Sicily, the Gulf of Sidra and continental drift

I noticed that the Gulf of Sidra north of Libya where the fighting is going on looks like Sicily had been taken out of it. Is it possible that Sicily was once connected to this area?--X sprainpraxisL (talk) 00:14, 30 April 2011 (UTC)

You might want to read about the Apulian Plate. Geologists think that some crust that forms Italy and the surrounding region did break away from North Africa; but its a bit of a jump to conclude that Sicily "fell off" just based on coastline features alone. Nimur (talk) 01:04, 30 April 2011 (UTC)

I'm looking at paper sea floor maps because I can't find enough info on the net. But on these paper maps there is a fault line that runs from the Azores through the Gibraltar straight and all the way through the Mediterranian and to the red sea. It passes along the North African coast between Africa and Sicily. At that point it gets messy with a lot of break up spreading up through the Tyrrhenian sea on the Apulian plate. The Periadriatic seem is far north of that. This map does indicate the Apulian plate is moving northish away from Africa, and Sicily is on the Apulian plate. So your idea seems at least plausible.190.148.136.203 (talk) 02:07, 30 April 2011 (UTC)

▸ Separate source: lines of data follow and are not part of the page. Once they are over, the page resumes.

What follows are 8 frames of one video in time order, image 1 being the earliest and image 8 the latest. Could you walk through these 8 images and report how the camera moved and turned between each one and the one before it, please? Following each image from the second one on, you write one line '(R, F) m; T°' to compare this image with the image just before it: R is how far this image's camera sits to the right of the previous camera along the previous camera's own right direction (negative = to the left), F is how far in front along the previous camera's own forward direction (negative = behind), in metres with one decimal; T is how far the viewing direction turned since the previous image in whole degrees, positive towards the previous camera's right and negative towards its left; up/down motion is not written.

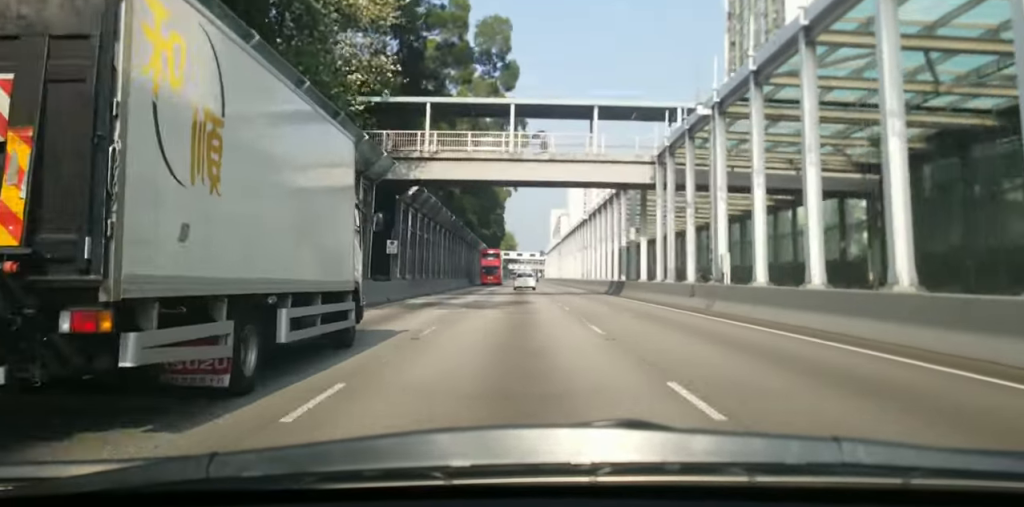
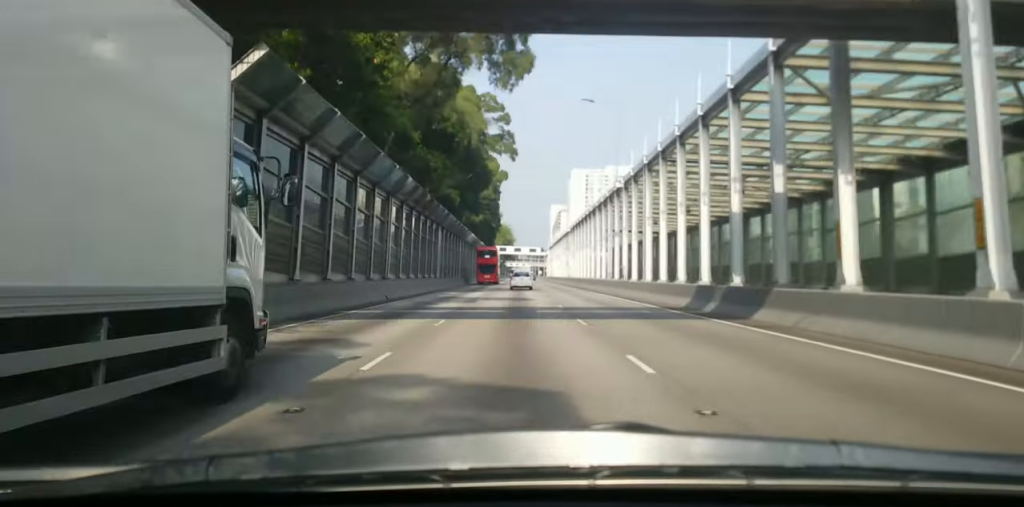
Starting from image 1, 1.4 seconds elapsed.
(+0.1, +27.1) m; +1°
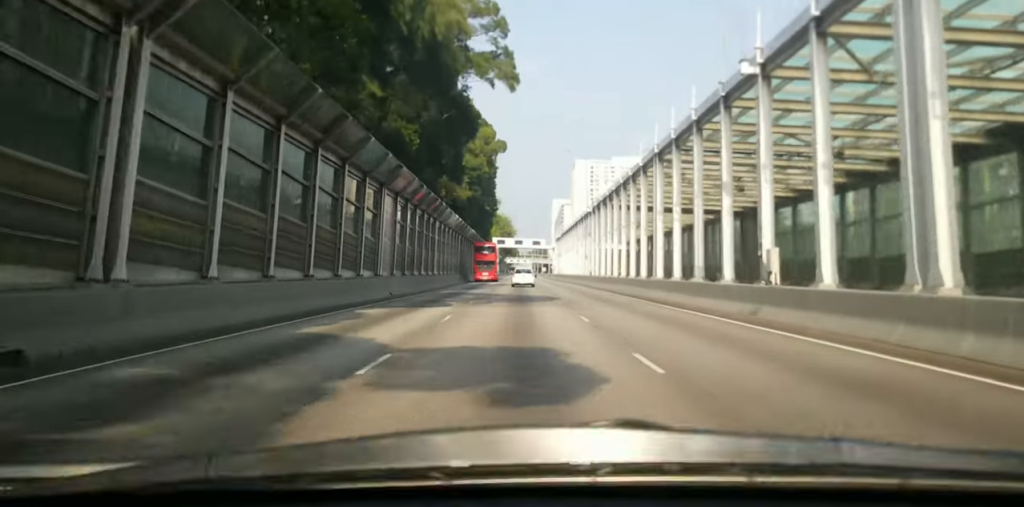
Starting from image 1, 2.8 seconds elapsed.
(+0.5, +28.7) m; +2°
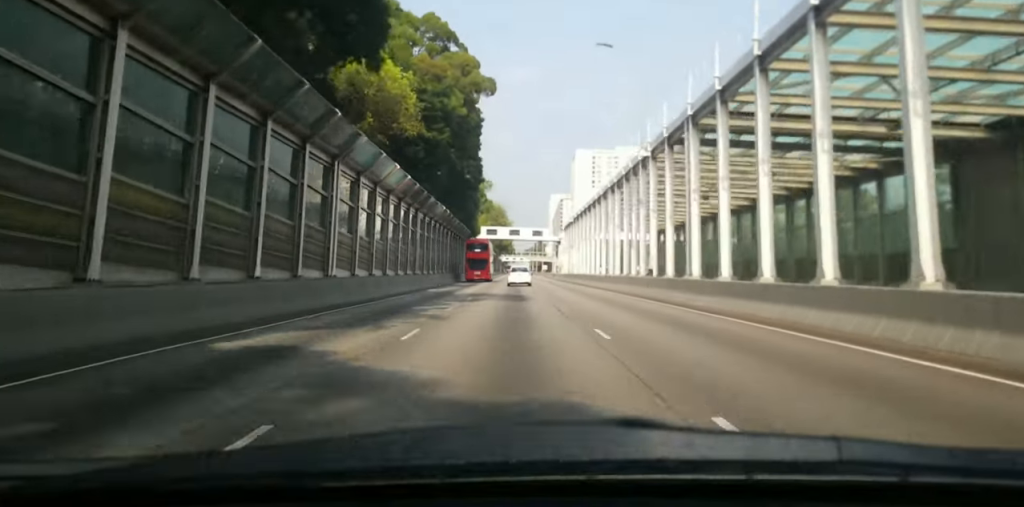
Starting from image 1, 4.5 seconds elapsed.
(-0.9, +33.8) m; -3°
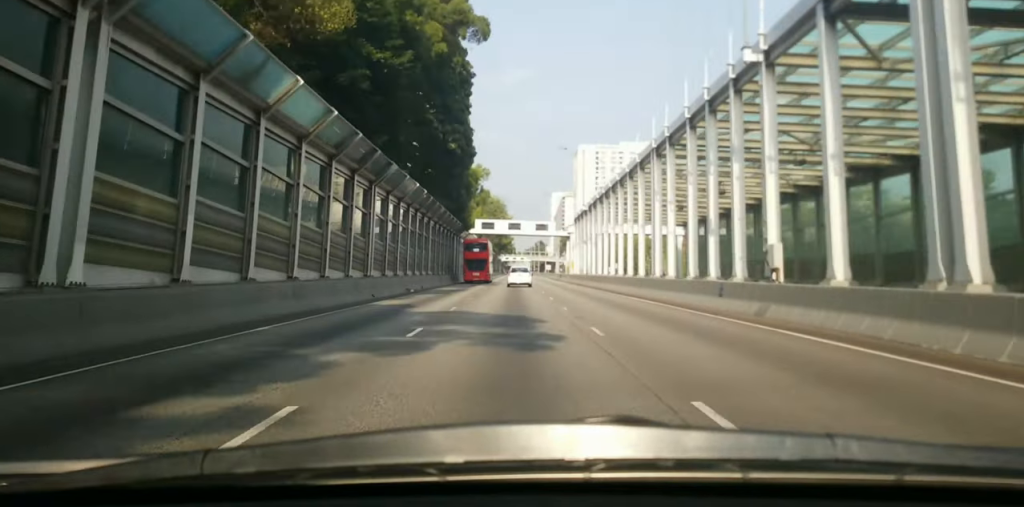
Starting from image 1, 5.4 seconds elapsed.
(-0.1, +17.9) m; +2°
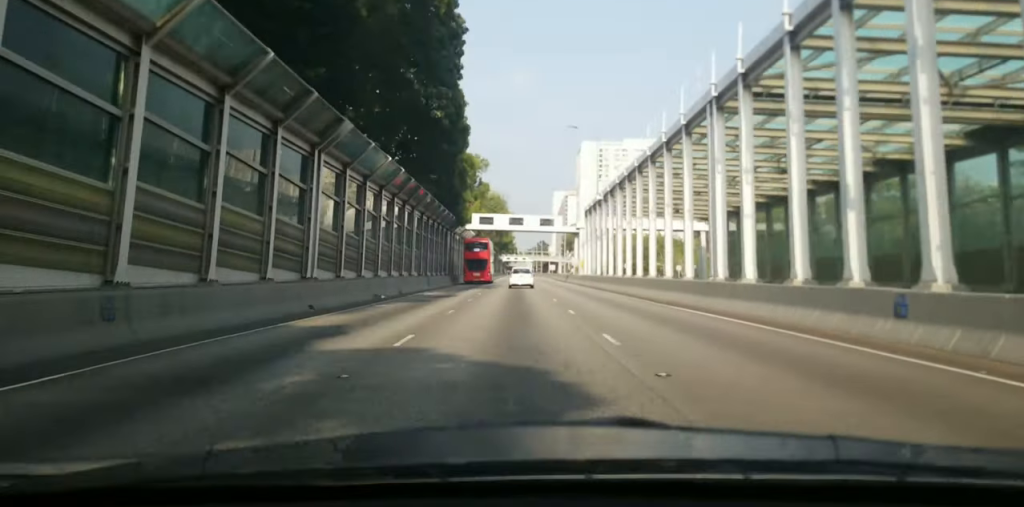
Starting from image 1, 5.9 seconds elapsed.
(+0.1, +10.7) m; +2°
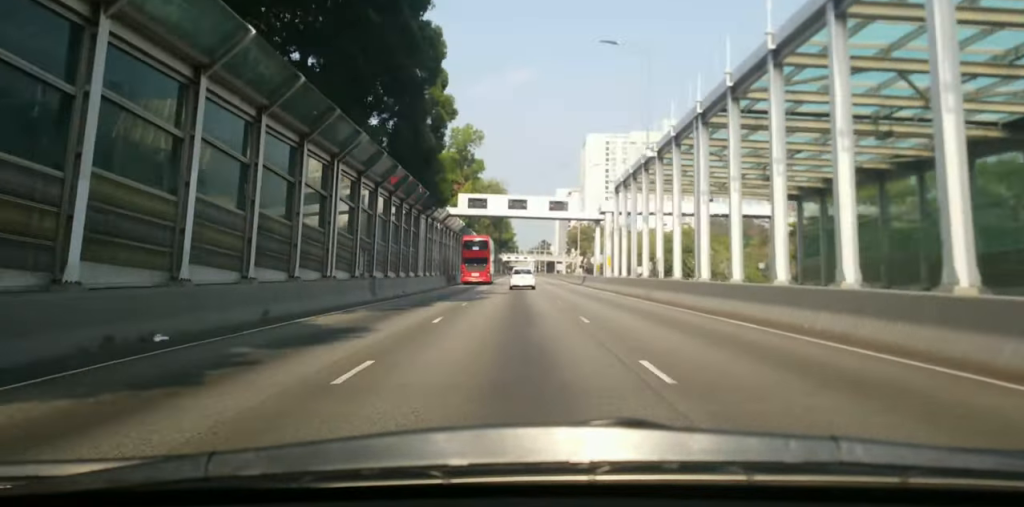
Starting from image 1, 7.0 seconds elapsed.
(+0.6, +23.1) m; +1°
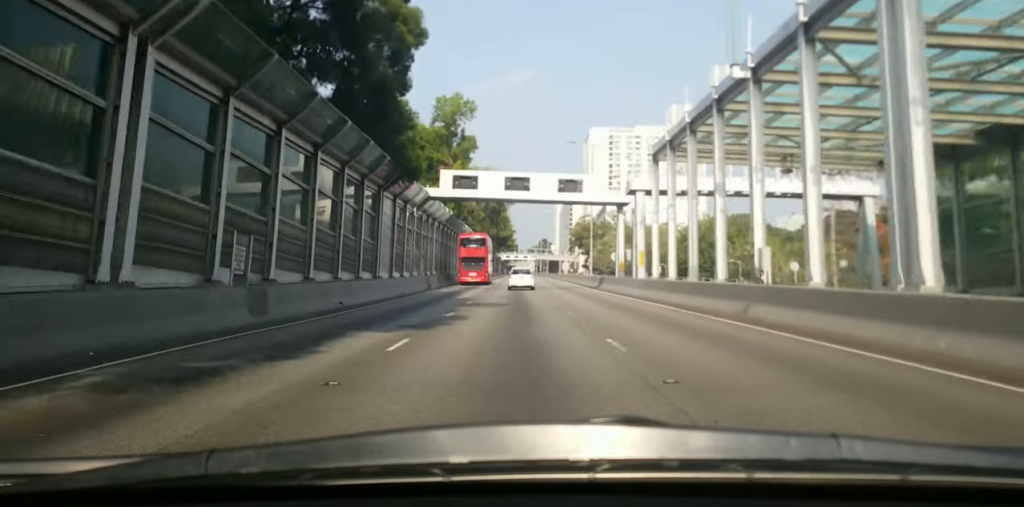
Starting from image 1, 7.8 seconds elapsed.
(+0.1, +14.9) m; -2°
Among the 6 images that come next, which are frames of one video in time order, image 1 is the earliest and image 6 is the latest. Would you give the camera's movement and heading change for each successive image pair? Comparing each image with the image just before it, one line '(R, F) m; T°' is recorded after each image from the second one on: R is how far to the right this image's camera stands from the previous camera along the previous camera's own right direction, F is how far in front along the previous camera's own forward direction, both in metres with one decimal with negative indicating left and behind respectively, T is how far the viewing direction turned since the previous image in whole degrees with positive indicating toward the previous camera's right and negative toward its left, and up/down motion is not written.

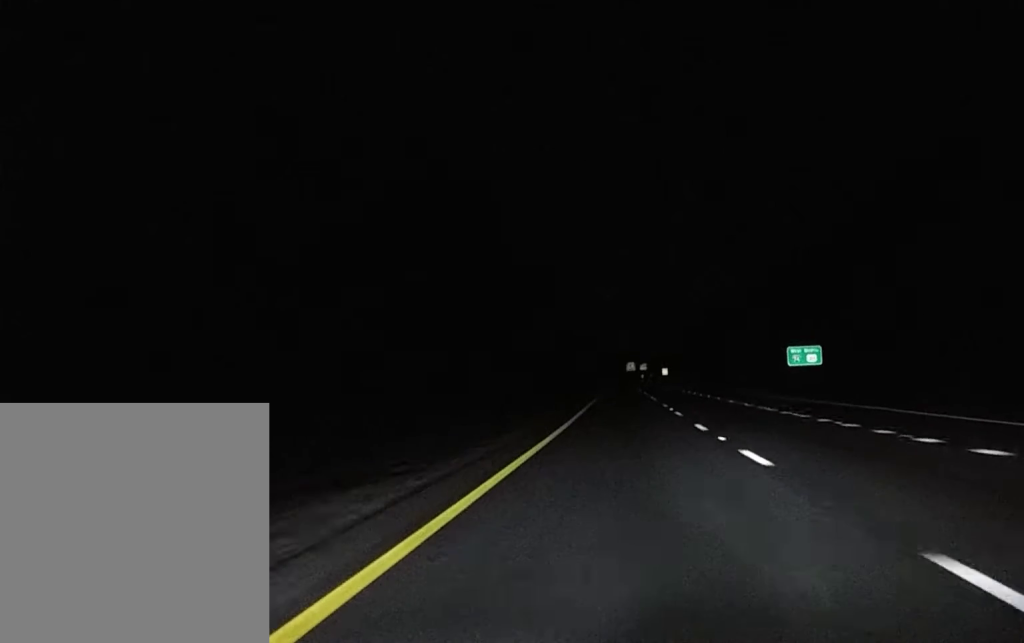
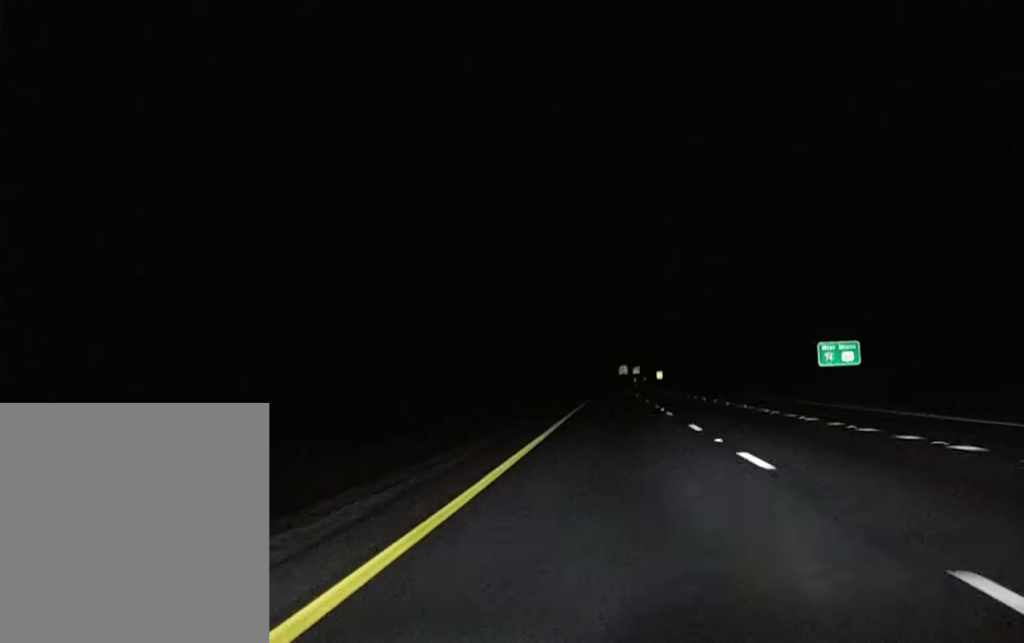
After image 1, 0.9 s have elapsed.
(+0.1, +27.8) m; 0°
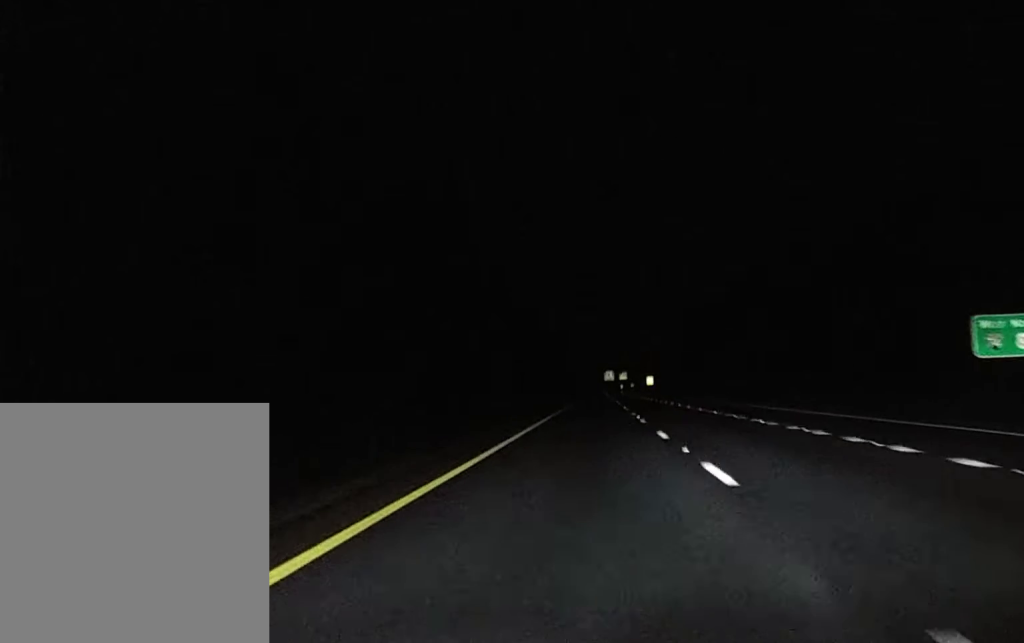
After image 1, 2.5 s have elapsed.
(0.0, +47.8) m; 0°
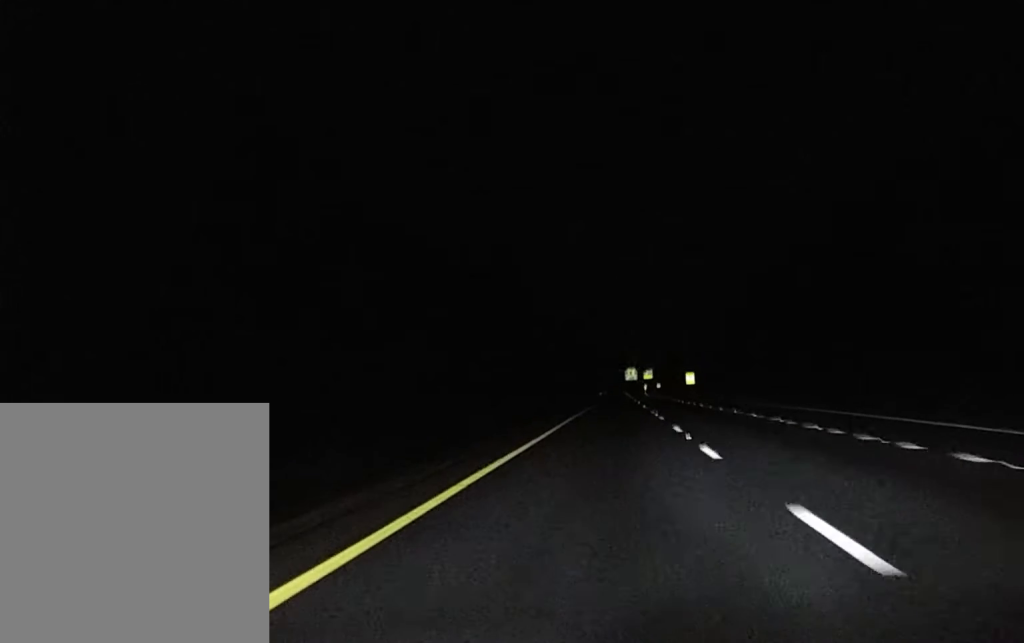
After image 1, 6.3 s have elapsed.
(+1.3, +103.1) m; -1°
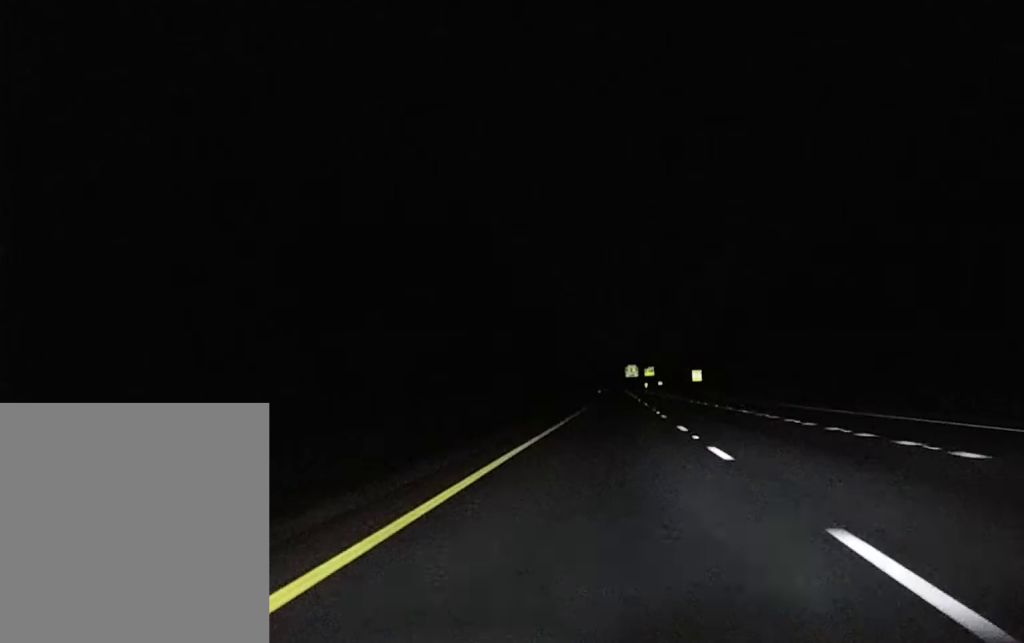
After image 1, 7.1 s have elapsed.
(-0.1, +25.8) m; 0°
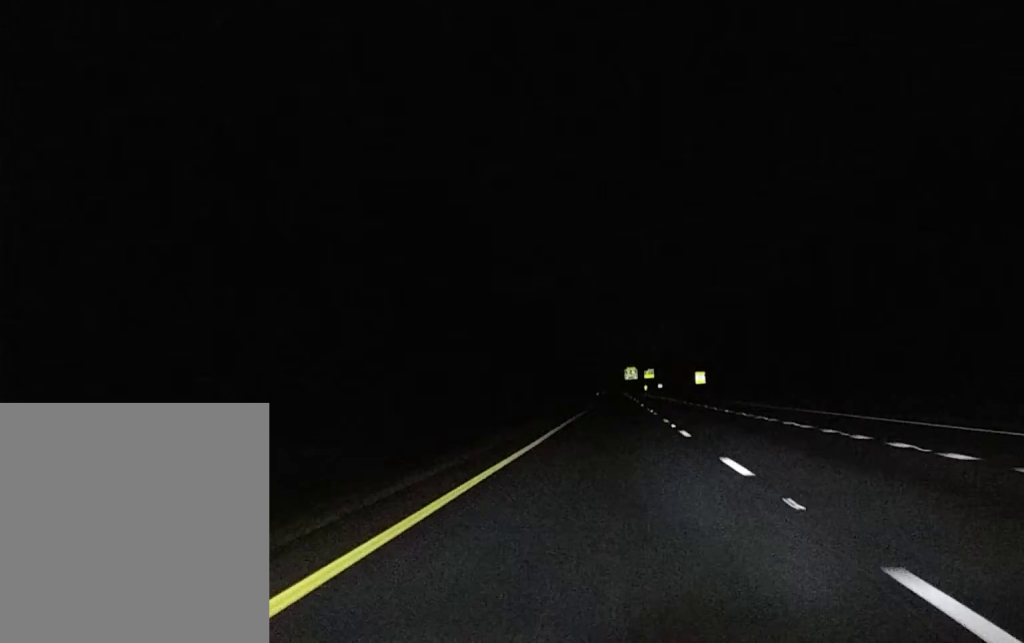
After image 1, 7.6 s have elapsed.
(0.0, +12.8) m; 0°

The tectonic history of the Mediterranean is pretty complex, but all the plate reconstructions that I've seen for the central Mediterranean suggest that Sicily (at least the deeper parts and ignoring Etna) have remained pretty much in the same place with respect to Africa since the Late Triassic, about 230 million years ago, so any shape match is probably coincidence. Mikenorton (talk) 08:07, 30 April 2011 (UTC)

Look at New Zealand and Australia, they have complementary coastlines, which suggests that they split off from each other. Geological records show that while this is true, far less than 10% of the current landmass was present at the time of the split. The remainder was generated after the split; the current complementary shape has very little to do with the split and is purely coincidental. Plasmic Physics (talk) 08:13, 30 April 2011 (UTC)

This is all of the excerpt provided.